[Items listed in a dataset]
....................

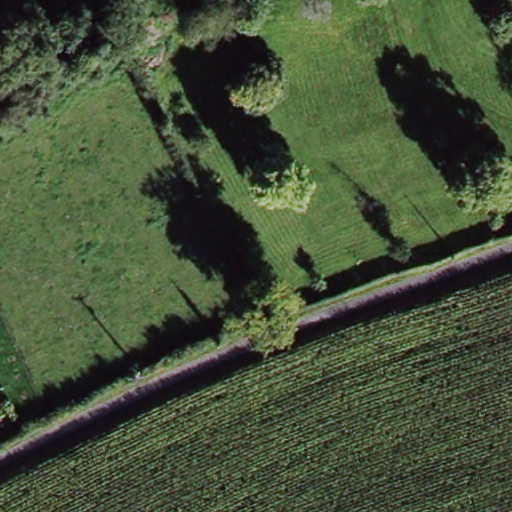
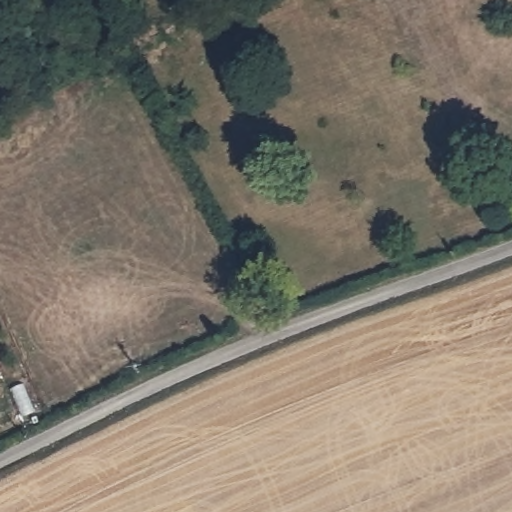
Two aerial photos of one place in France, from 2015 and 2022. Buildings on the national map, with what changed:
[]

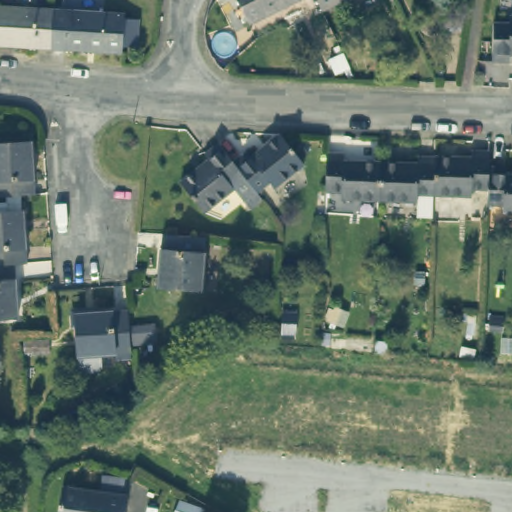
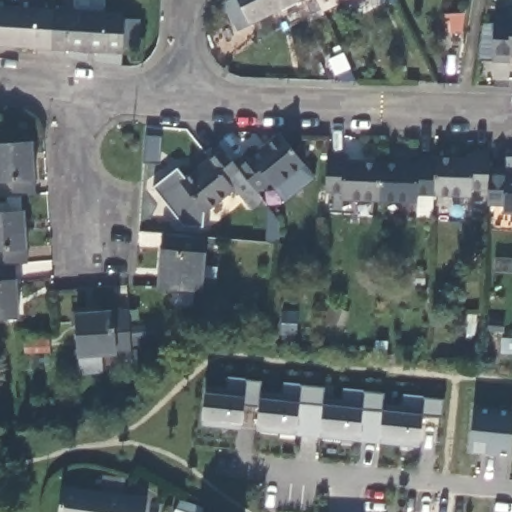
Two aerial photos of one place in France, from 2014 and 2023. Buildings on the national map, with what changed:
unchanged [(236,0),(301,0),(249,26),(236,0)]
unchanged [(316,0),(346,0),(322,12),(316,0)]
unchanged [(53,10),(50,51),(0,48),(0,7),(53,10)]
unchanged [(124,15),(122,55),(50,51),(53,10),(124,15)]
unchanged [(460,32),(445,33),(443,14),(463,13),(460,32)]
unchanged [(510,16),(512,17),(512,55),(508,55),(508,63),(492,62),(493,24),(510,24),(510,16)]
unchanged [(308,165),(279,188),(274,182),(261,192),(237,162),(251,151),(255,158),(284,135),(308,165)]
unchanged [(31,191),(0,193),(0,139),(32,136),(35,191),(31,191)]
unchanged [(255,210),(249,203),(238,189),(208,213),(185,183),(214,160),(209,154),(222,144),(237,162),(261,192),(261,193),(267,200),(255,210)]
unchanged [(471,159),(472,151),(488,151),(488,166),(487,190),(470,189),(470,197),(433,196),(434,157),(471,159)]
unchanged [(343,154),(342,161),(380,163),(378,201),(342,200),(342,192),(325,192),(325,184),(326,154),(343,154)]
unchanged [(380,163),(417,164),(417,156),(434,157),(433,196),(416,195),(416,202),(378,201),(380,163)]
unchanged [(488,166),(505,167),(505,175),(512,175),(512,213),(503,213),(503,206),(487,205),(487,190),(488,166)]
unchanged [(15,261),(0,261),(0,207),(24,206),(27,260),(15,261)]
unchanged [(164,284),(168,230),(211,234),(206,288),(164,284)]
unchanged [(0,316),(0,261),(15,261),(18,315),(0,316)]
unchanged [(77,358),(74,315),(128,311),(131,354),(101,356),(102,372),(79,374),(77,358)]
new [(222,428),(201,426),(205,388),(226,390),(227,379),(261,382),(259,393),(257,409),(242,407),(241,424),(241,430),(222,428)]
new [(277,433),(256,431),(257,409),(259,393),(281,396),(282,384),(323,388),(322,400),(322,407),(298,405),(296,429),(295,435),(277,433)]
new [(340,439),(319,437),(322,407),(322,400),(341,402),(342,390),(383,394),(382,406),(382,413),(362,411),(359,435),(358,441),(340,439)]
new [(400,445),(378,443),(382,413),(382,406),(401,408),(402,396),(443,400),(441,419),(421,417),(418,441),(418,447),(400,445)]
new [(512,410),(512,456),(472,452),(473,407),(512,410)]
unchanged [(126,512),(60,512),(63,488),(128,497),(126,512)]
unchanged [(183,488),(205,499),(199,512),(197,512),(178,504),(183,488)]

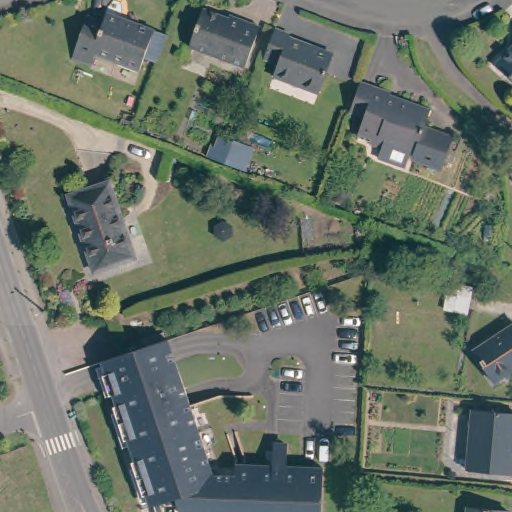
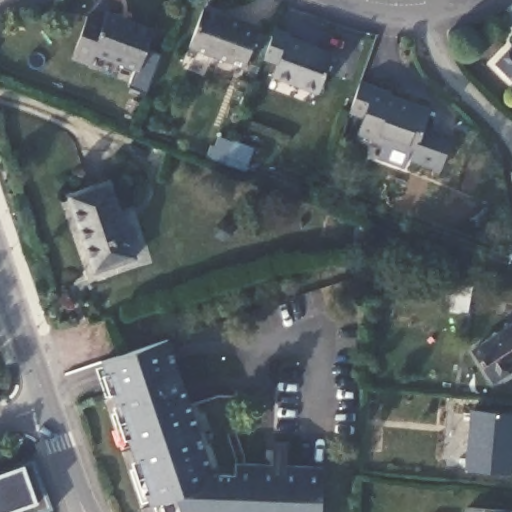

....................

§ **Required work**
Every entry must be transcribed exactly. Pictures do not belong in the copy.

§ **Response area**
Two aerial photos of one place in France, from 2015 and 2022. Buildings on the national map, with what changed:
[]

Two aerial photos of one place in France, from 2014 and 2023. Buildings on the national map, with what changed:
unchanged [(236,0),(301,0),(249,26),(236,0)]
unchanged [(316,0),(346,0),(322,12),(316,0)]
unchanged [(53,10),(50,51),(0,48),(0,7),(53,10)]
unchanged [(124,15),(122,55),(50,51),(53,10),(124,15)]
unchanged [(460,32),(445,33),(443,14),(463,13),(460,32)]
unchanged [(510,16),(512,17),(512,55),(508,55),(508,63),(492,62),(493,24),(510,24),(510,16)]
unchanged [(308,165),(279,188),(274,182),(261,192),(237,162),(251,151),(255,158),(284,135),(308,165)]
unchanged [(31,191),(0,193),(0,139),(32,136),(35,191),(31,191)]
unchanged [(255,210),(249,203),(238,189),(208,213),(185,183),(214,160),(209,154),(222,144),(237,162),(261,192),(261,193),(267,200),(255,210)]
unchanged [(471,159),(472,151),(488,151),(488,166),(487,190),(470,189),(470,197),(433,196),(434,157),(471,159)]
unchanged [(343,154),(342,161),(380,163),(378,201),(342,200),(342,192),(325,192),(325,184),(326,154),(343,154)]
unchanged [(380,163),(417,164),(417,156),(434,157),(433,196),(416,195),(416,202),(378,201),(380,163)]
unchanged [(488,166),(505,167),(505,175),(512,175),(512,213),(503,213),(503,206),(487,205),(487,190),(488,166)]
unchanged [(15,261),(0,261),(0,207),(24,206),(27,260),(15,261)]
unchanged [(164,284),(168,230),(211,234),(206,288),(164,284)]
unchanged [(0,316),(0,261),(15,261),(18,315),(0,316)]
unchanged [(77,358),(74,315),(128,311),(131,354),(101,356),(102,372),(79,374),(77,358)]
new [(222,428),(201,426),(205,388),(226,390),(227,379),(261,382),(259,393),(257,409),(242,407),(241,424),(241,430),(222,428)]
new [(277,433),(256,431),(257,409),(259,393),(281,396),(282,384),(323,388),(322,400),(322,407),(298,405),(296,429),(295,435),(277,433)]
new [(340,439),(319,437),(322,407),(322,400),(341,402),(342,390),(383,394),(382,406),(382,413),(362,411),(359,435),(358,441),(340,439)]
new [(400,445),(378,443),(382,413),(382,406),(401,408),(402,396),(443,400),(441,419),(421,417),(418,441),(418,447),(400,445)]
new [(512,410),(512,456),(472,452),(473,407),(512,410)]
unchanged [(126,512),(60,512),(63,488),(128,497),(126,512)]
unchanged [(183,488),(205,499),(199,512),(197,512),(178,504),(183,488)]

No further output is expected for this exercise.